■ Try it ■
Scan the material below for the string "monospaced". Report every line that has it.

■ Supplied entries ■

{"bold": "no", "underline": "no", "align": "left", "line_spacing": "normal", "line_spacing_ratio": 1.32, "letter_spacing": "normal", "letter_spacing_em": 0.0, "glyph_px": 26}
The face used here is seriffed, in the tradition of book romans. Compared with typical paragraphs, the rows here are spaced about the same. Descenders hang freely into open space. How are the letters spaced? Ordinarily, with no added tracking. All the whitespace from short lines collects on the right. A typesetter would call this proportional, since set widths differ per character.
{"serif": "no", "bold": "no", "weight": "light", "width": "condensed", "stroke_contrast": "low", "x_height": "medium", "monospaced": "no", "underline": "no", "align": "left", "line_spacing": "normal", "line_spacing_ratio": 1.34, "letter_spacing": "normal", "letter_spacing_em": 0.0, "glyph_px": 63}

...

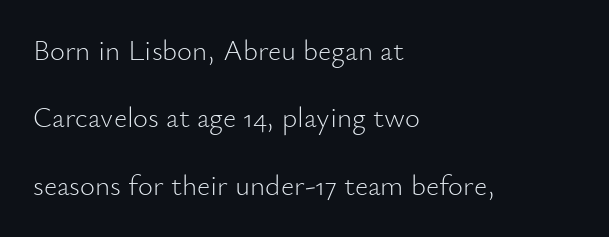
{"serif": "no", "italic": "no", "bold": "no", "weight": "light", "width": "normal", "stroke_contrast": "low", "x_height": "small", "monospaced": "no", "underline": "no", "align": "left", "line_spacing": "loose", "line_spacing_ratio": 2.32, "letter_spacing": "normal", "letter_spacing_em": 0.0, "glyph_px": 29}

■ Completed exercise ■
{"serif": "no", "bold": "no", "weight": "light", "width": "condensed", "stroke_contrast": "low", "x_height": "medium", "monospaced": "no", "underline": "no", "align": "left", "line_spacing": "normal", "line_spacing_ratio": 1.34, "letter_spacing": "normal", "letter_spacing_em": 0.0, "glyph_px": 63}
{"serif": "no", "italic": "no", "bold": "no", "weight": "light", "width": "normal", "stroke_contrast": "low", "x_height": "small", "monospaced": "no", "underline": "no", "align": "left", "line_spacing": "loose", "line_spacing_ratio": 2.32, "letter_spacing": "normal", "letter_spacing_em": 0.0, "glyph_px": 29}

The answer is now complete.